Thank you for your information.
Yes they live in Germany. He consulted once time by attorney, he said he got only in general information.
About the separating before the divorce can be decreed, the couple has to live separated for one year, is it possible he can fill divorce less than one year separated as ' a quick divorce'?
I read that for 'a quick divorce' is possible if the continuation of the marriage would result in unreasonable hardship to the petitioner owing to factors attributable to the other spouse, which are directed against basic values of human interaction and respect, such as e.g. physical maltreatment but also other insupportable forms of misdemeanour such as
threats, severe verbal abuse, excessive use of alcohol. She is threating him many time such as: will hurt herself and tell police that he the one who did to her, she will hire someone to hurt him, she will call all his clients to tell them to stop the business with him, those threats she all the time said to him. She also said lately that she want to do anything to let him him down as her revange.

When start to counting the separation if both of them don't wanna leave the house, as you told that a couple can be separated even when living in the same home and how to manage in this way of separating in the same home?
If the wife and her child stay in the house, because as I mentioned that the house is a rent house, who should pay the rent for the house during their separating or while in divorce proceeding?
Is it true if one of the spouses leave the house for 3 days to 1 week, means that he/she is the one who wants to leave the house?

thanks again :)
 
One more forgot:

If in separating before one year, he has a new partner it will any effevt to the divorce proceeding?
 
Normally you do not get around the 1-year separation requirement. Courts very very seldom grant any shorter period.

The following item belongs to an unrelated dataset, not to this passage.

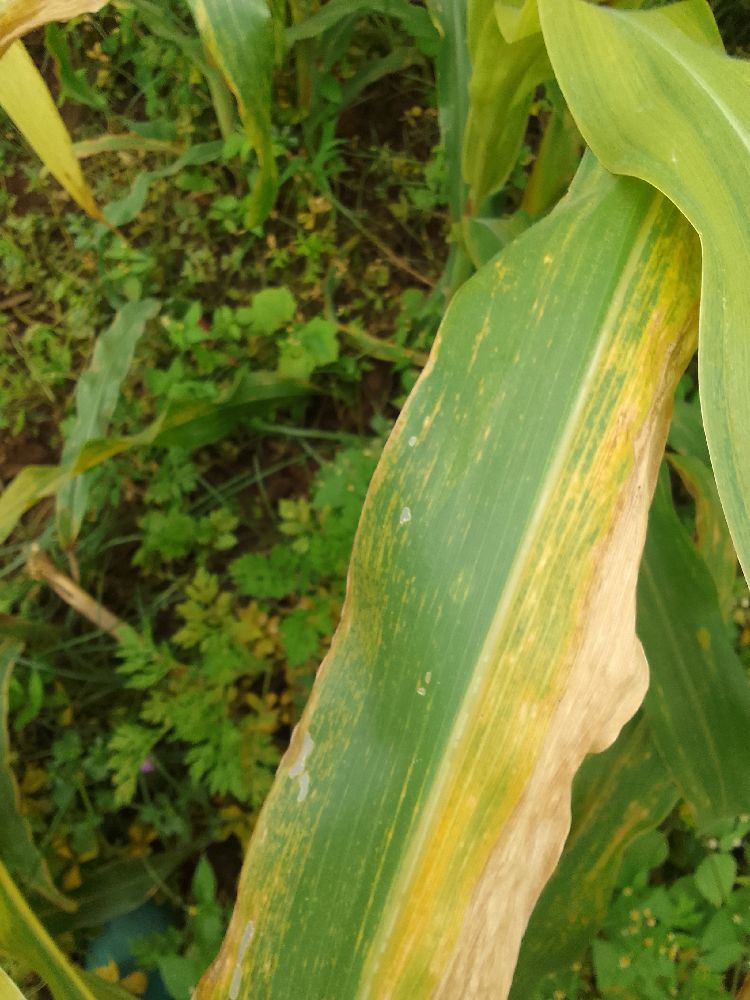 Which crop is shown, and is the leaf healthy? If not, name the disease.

maize, maize lethal necrosis
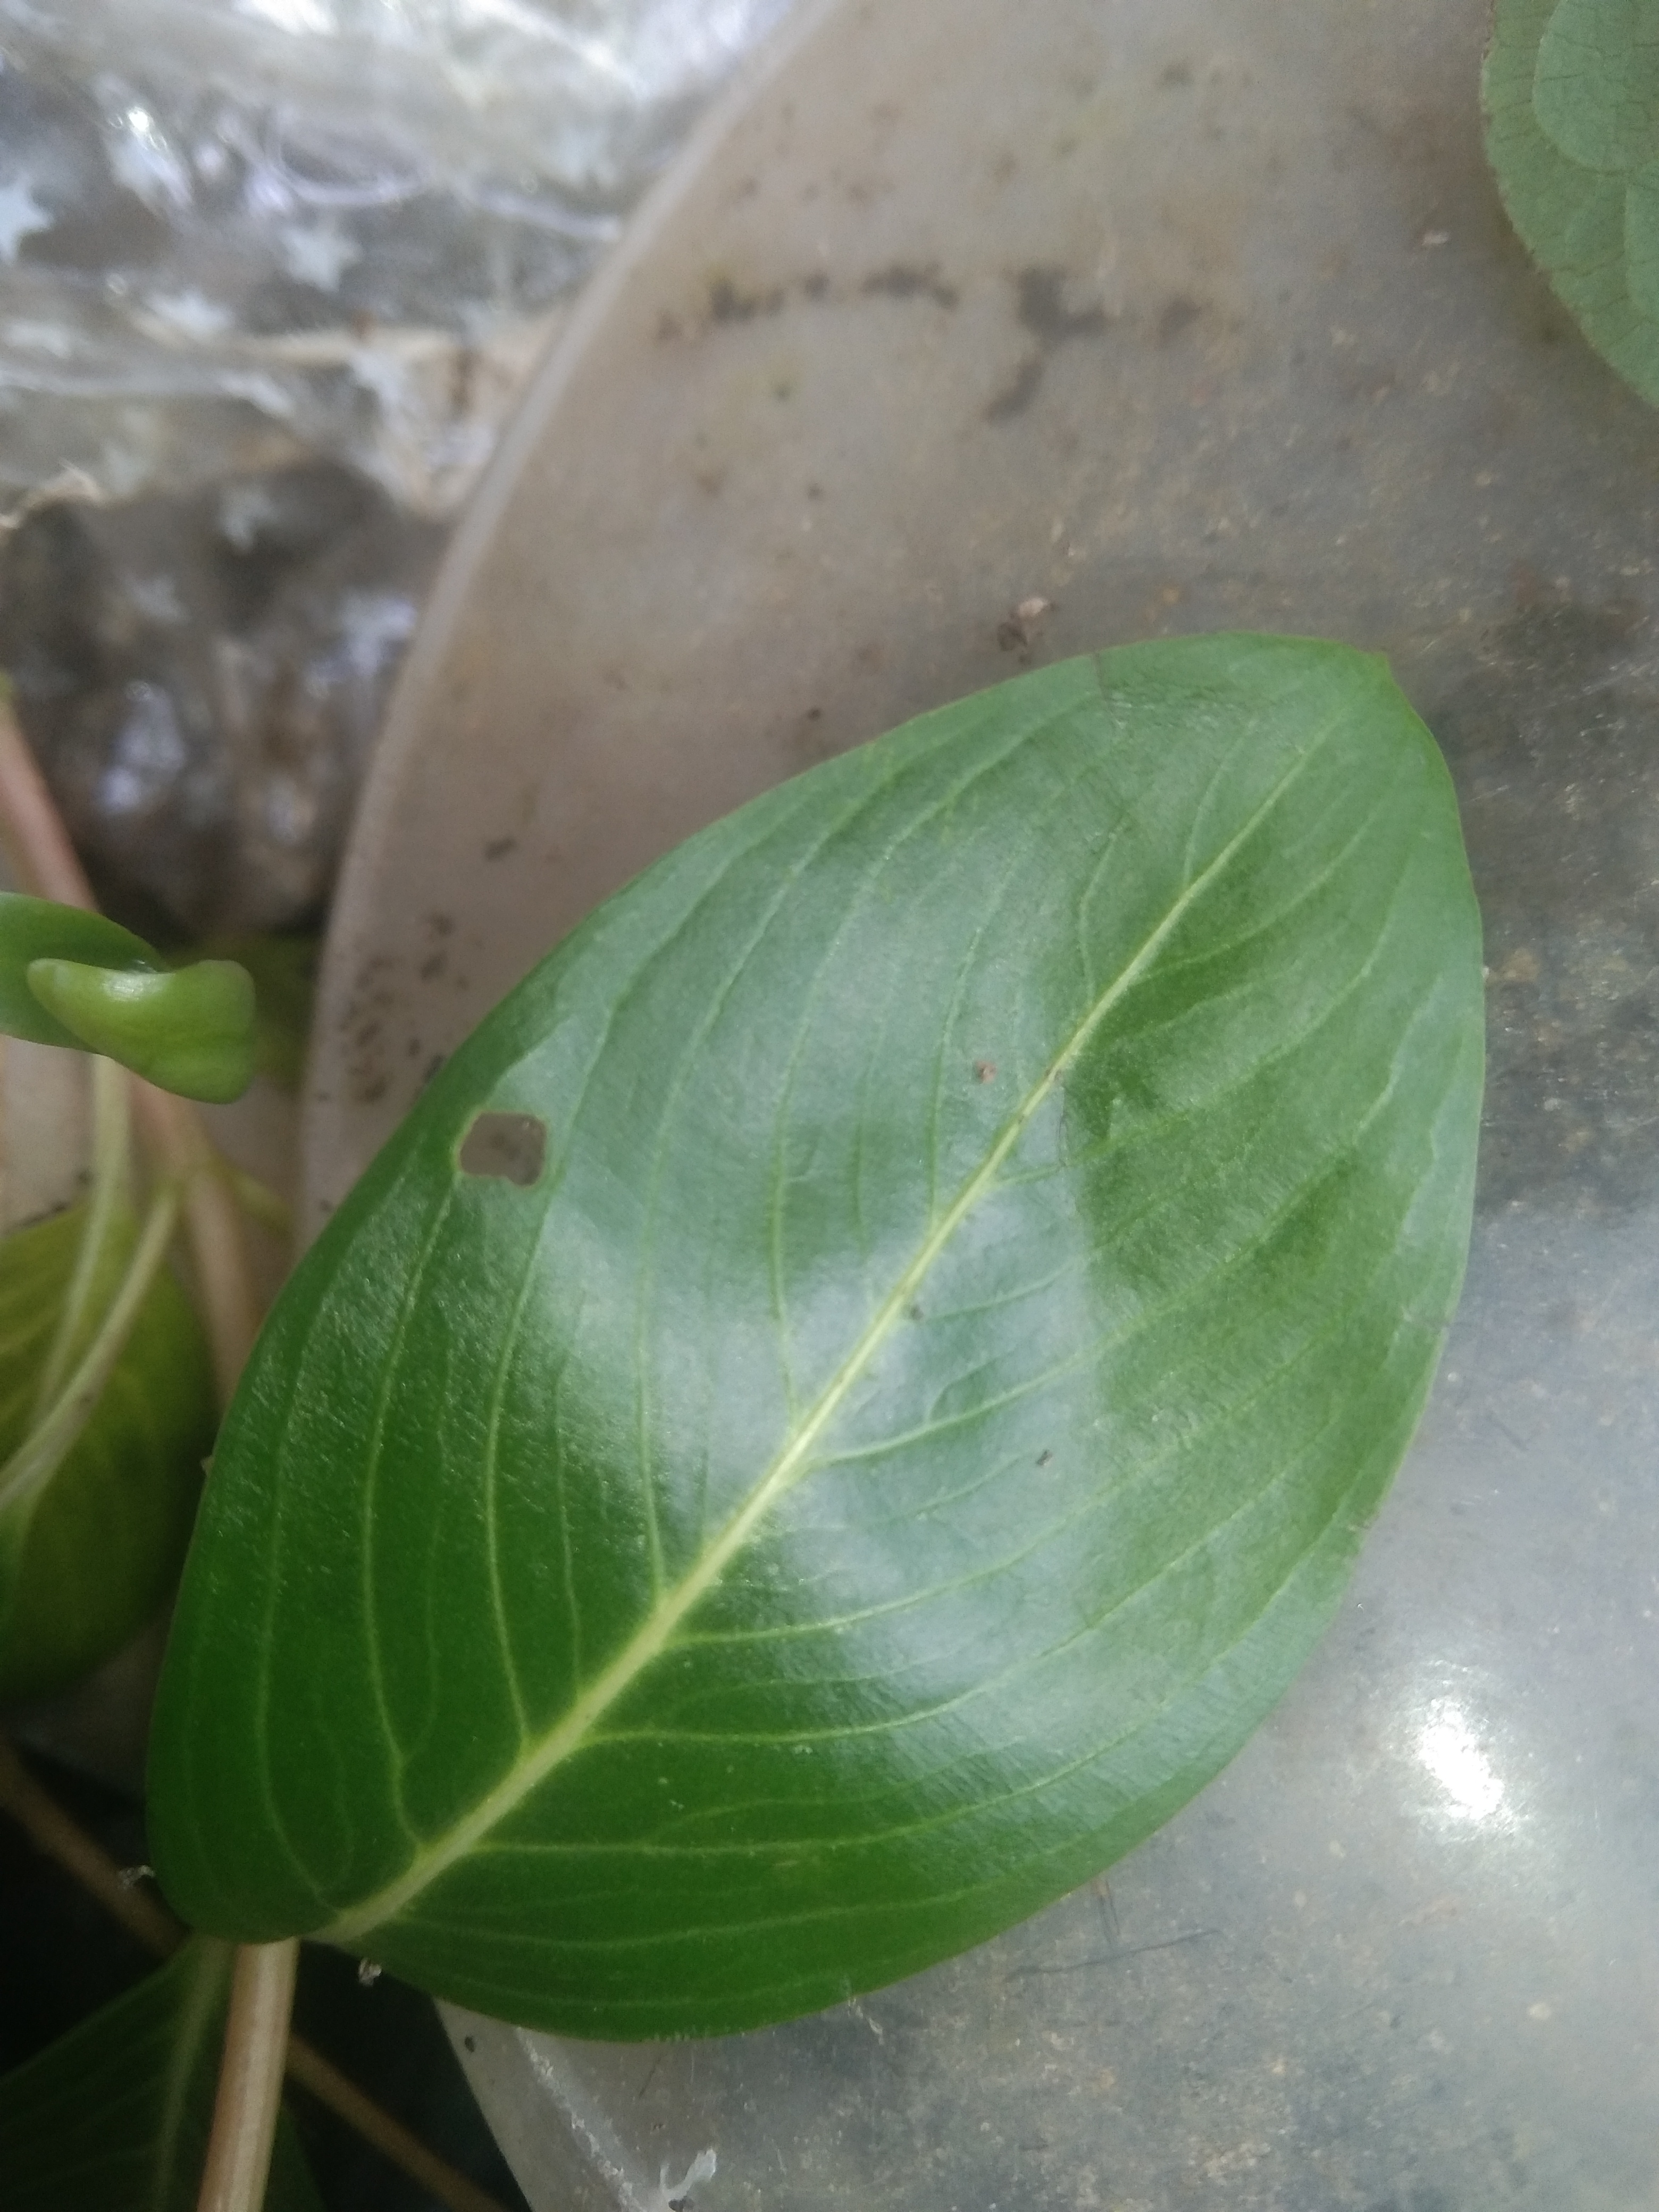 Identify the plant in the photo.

rose periwinkle

It is possible living separate in the same house, one would have to show for example a total separation of accounts, of payments for necessities, of conducting live. Since this is important and tricky, because it can affect the separation duration, if any party is contemplating living separate in the same place, they definitely need to consult an attorney first.

In Germany divorce is no-fault, so a new partner usually does not affect the proceedings.